The group project required that we find ways to improve it, and we came up with a few ideas such as showing the cursor position of other people editing the document. Since then, that feature and a number of other improvements, have been implemented by Google.

The technical challenges associated with multiple people working on the same digital artifact are significant. But the advantages afforded to people working collaboratively on the same document is considerable. Being able to see where a person’s cursor was, and whose cursor it was, and to see what they typed as they were typing it was mind boggling and totally awesome. I loved it!

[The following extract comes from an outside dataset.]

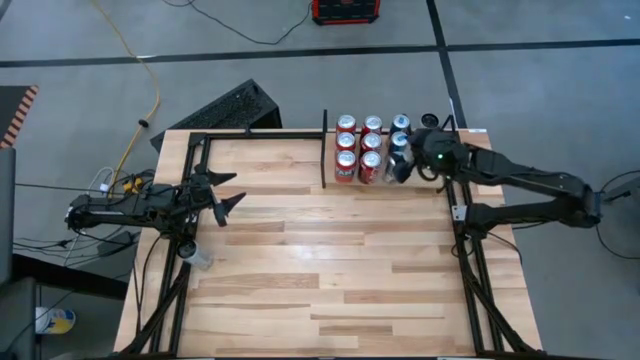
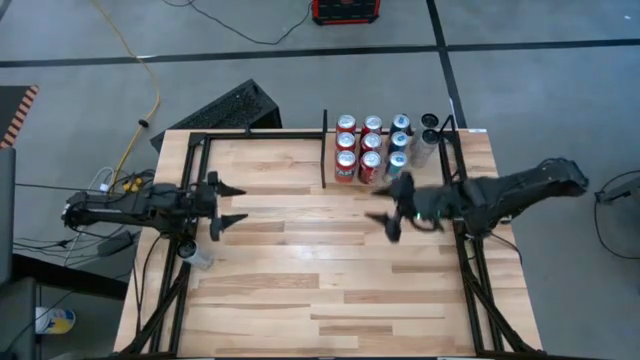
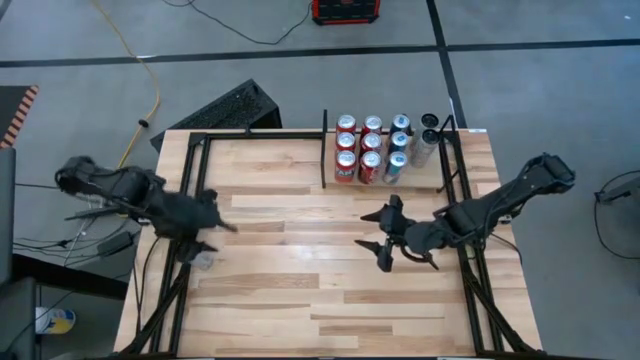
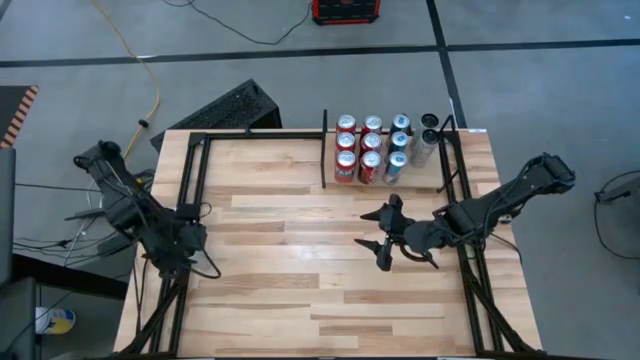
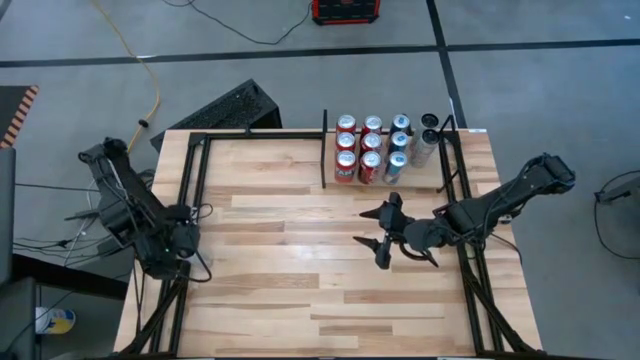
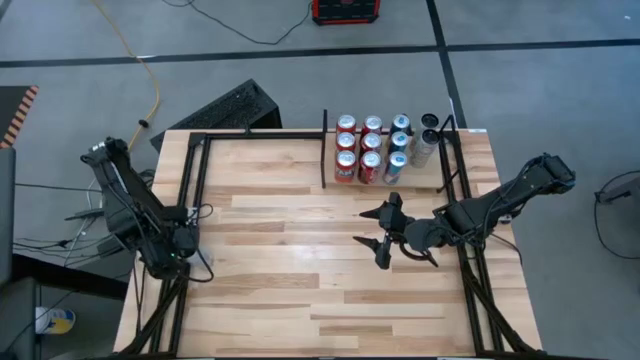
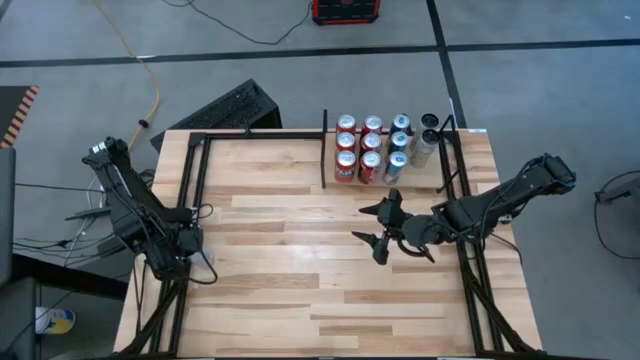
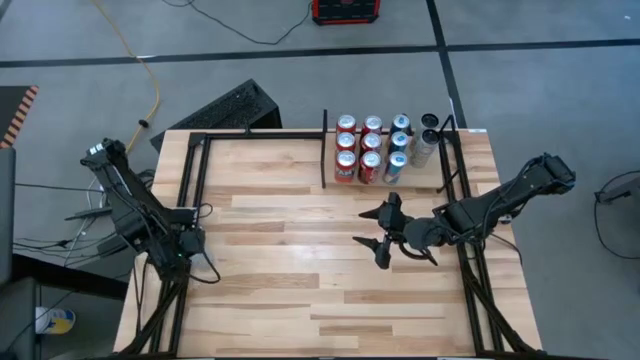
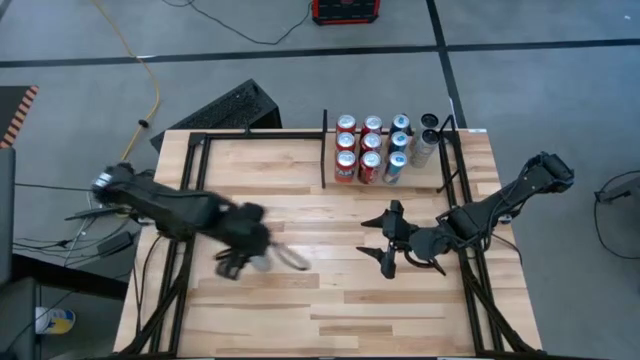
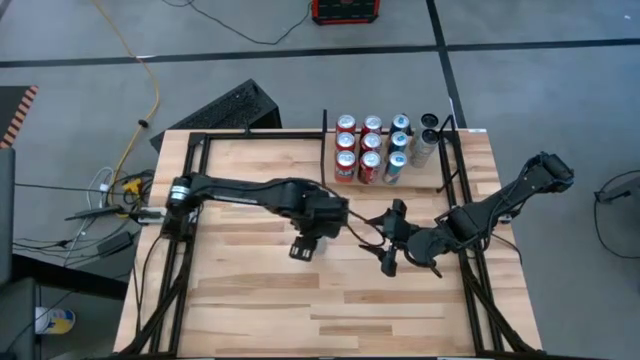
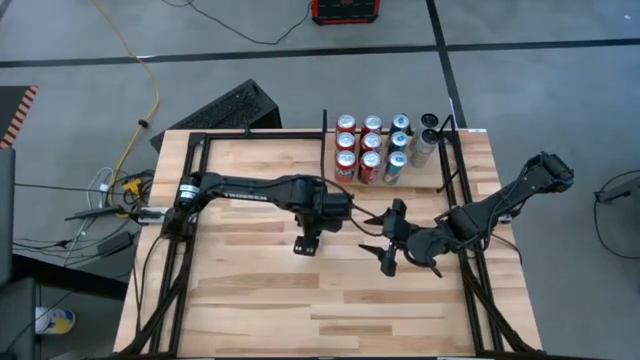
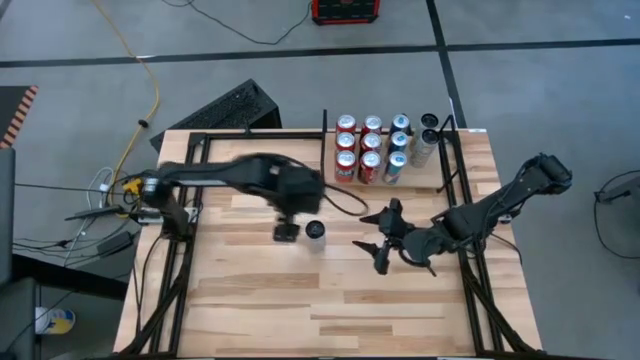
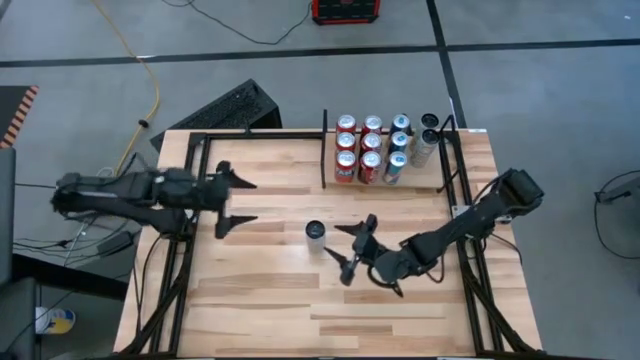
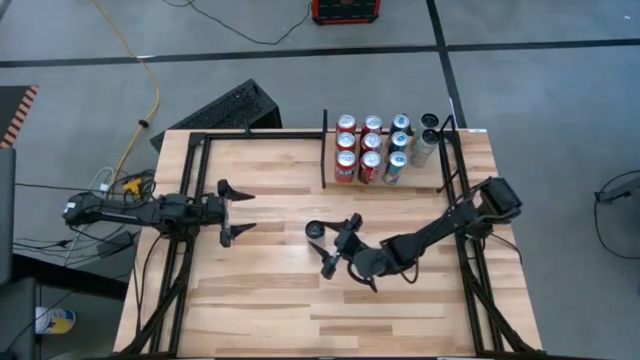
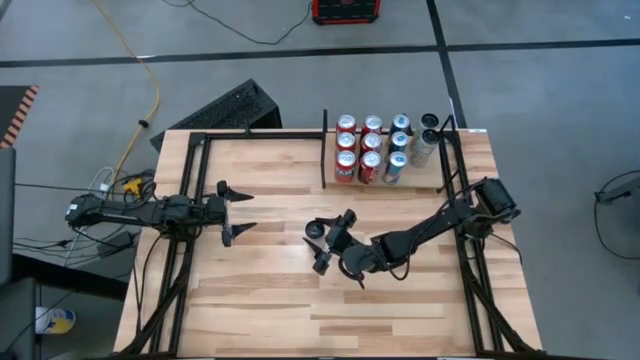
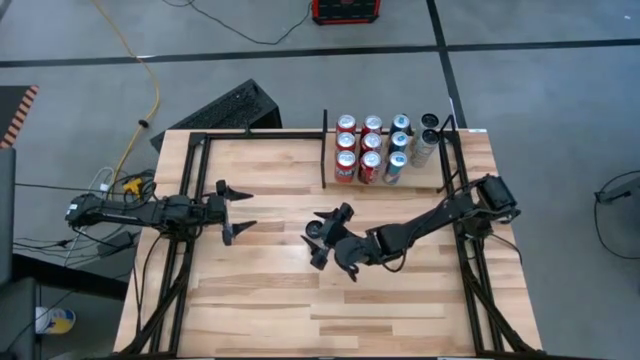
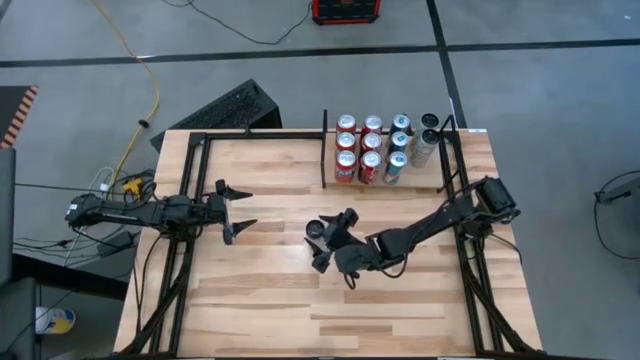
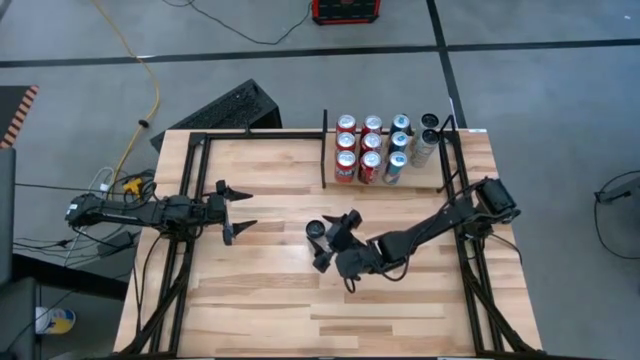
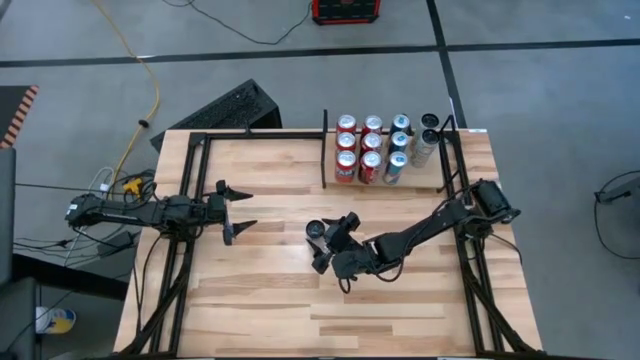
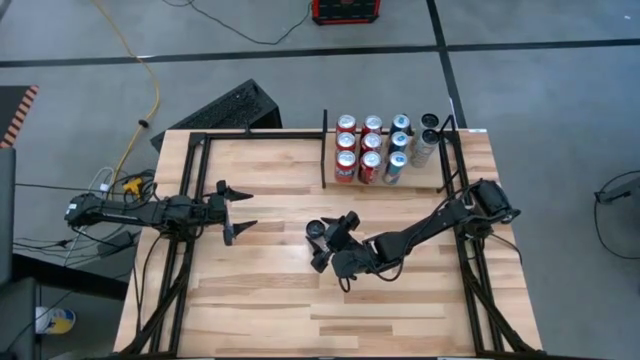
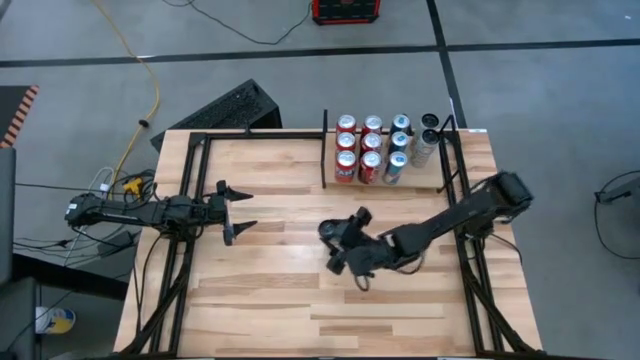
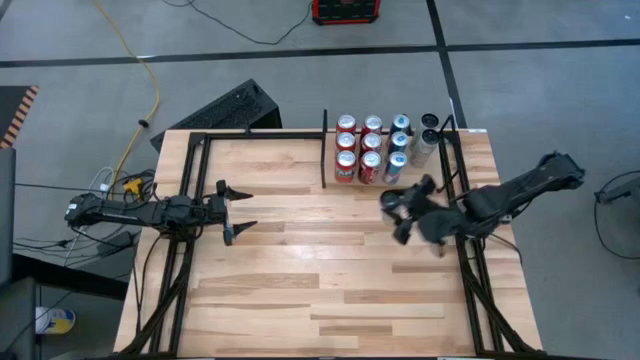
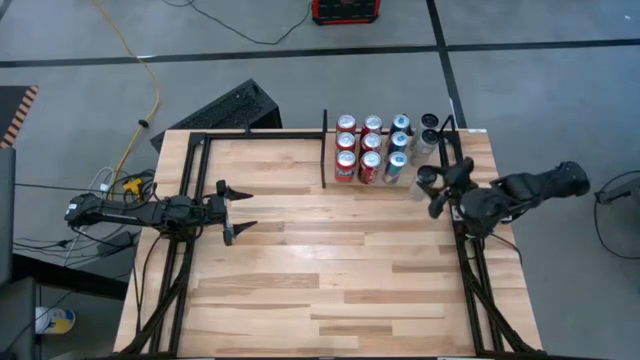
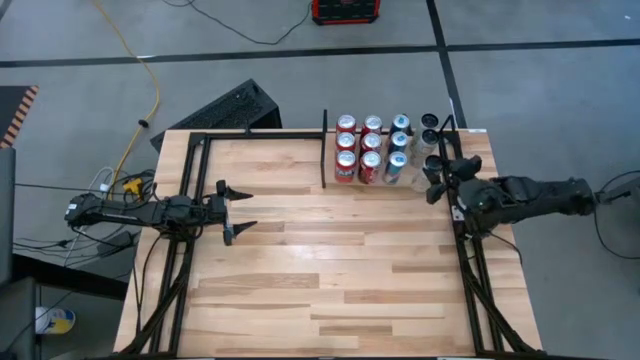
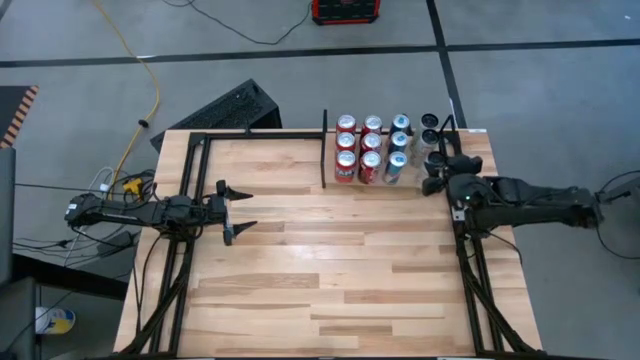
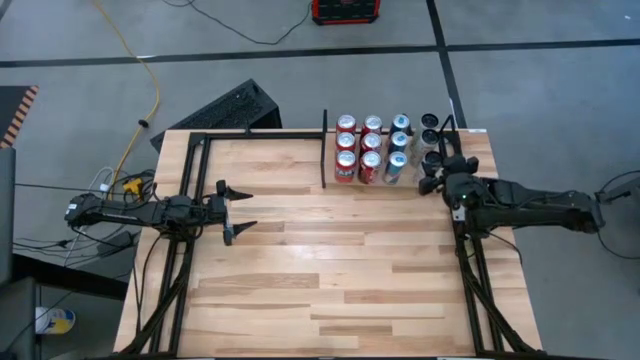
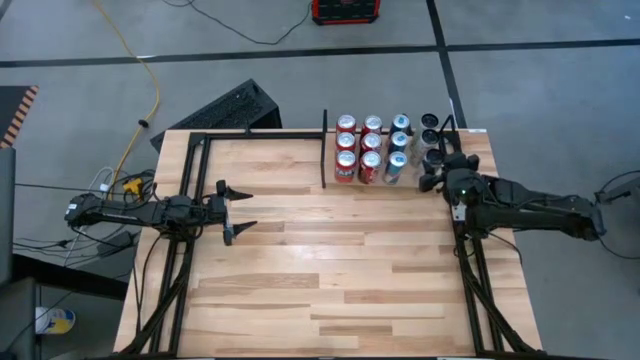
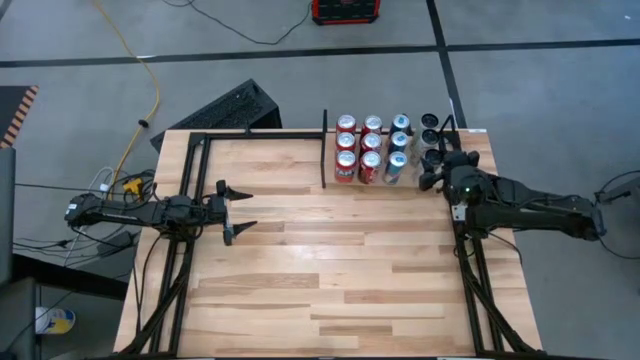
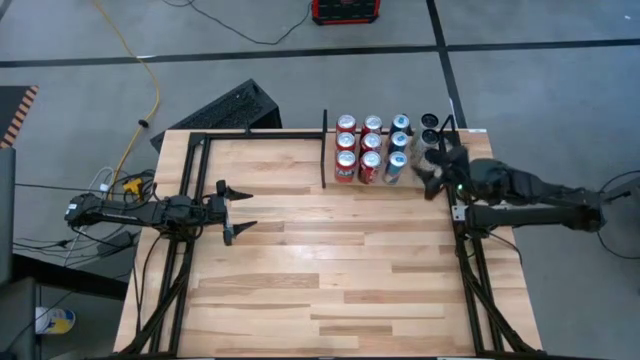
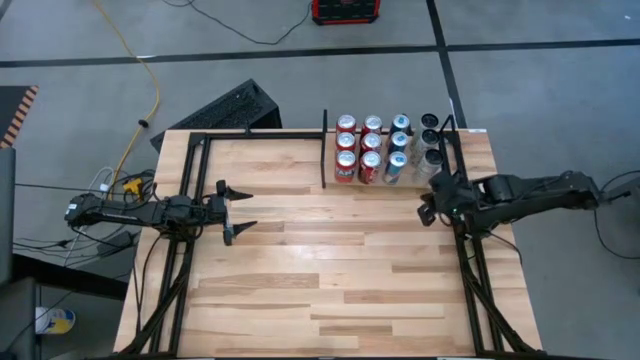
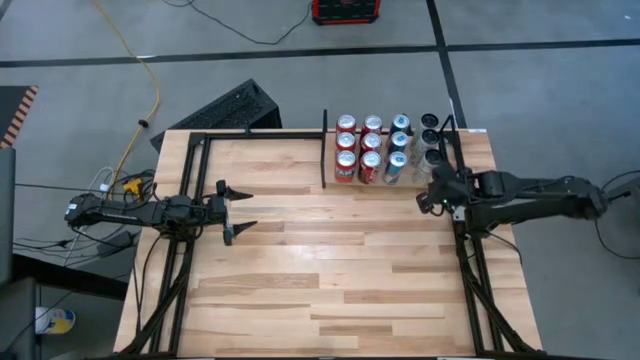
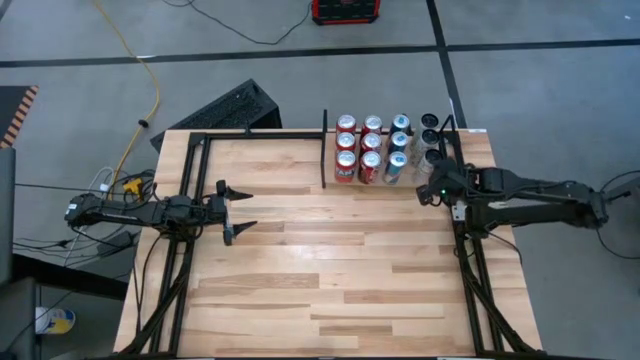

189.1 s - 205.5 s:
Task: Place canned beverage on shelf
Put the white-yellow soda can on the shelf aligned with the other soda cans

This type of editing revelation was similar to the one I had when I first learned about wikis in 1999. I was using ModWiki, a Perl based web application, and wondered why more people weren’t using wikis. When I realized how simple it was to enable people to create and edit web pages together, I knew it would change the world. Just like I knew that databases behind web applications would change the world.

Fast forward a decade and I’m writing my 507th blog post talking about how people interact with technology. I’m doing it as the first featured blog post for a corporate wiki about collaboration resources!

Every day I interact with technology that connects me to co-workers, family, and friends. I’m in meetings using my computer, phone, and a video camera to interact with a dozen people in different locations. I can see when someone is talking but forgot to unmute their microphone. I can see people yawn or lose interest in what’s being said. All the while I have various instant messaging threads going with co-workers and teammates. Even people in the same web meeting, via yet another instant messaging application.

My daily life involves using working with computers and people to get work done and to help others get work done. I think about it how to make things better all the time. I love gadgets and technology that allow me to interact with information and people in different ways.

And I know there is always an easier way. It just takes time to find it.

Image: This is a picture of an adaptation made by a novice installer when code dictated a 4 inch pipe, even though the coupling was for a 3 inch pipe. It took some effort to crip the metal like that. But I couldn’t help but think there had to be an easier (and less hacked) solution. There was. That’s another story as well.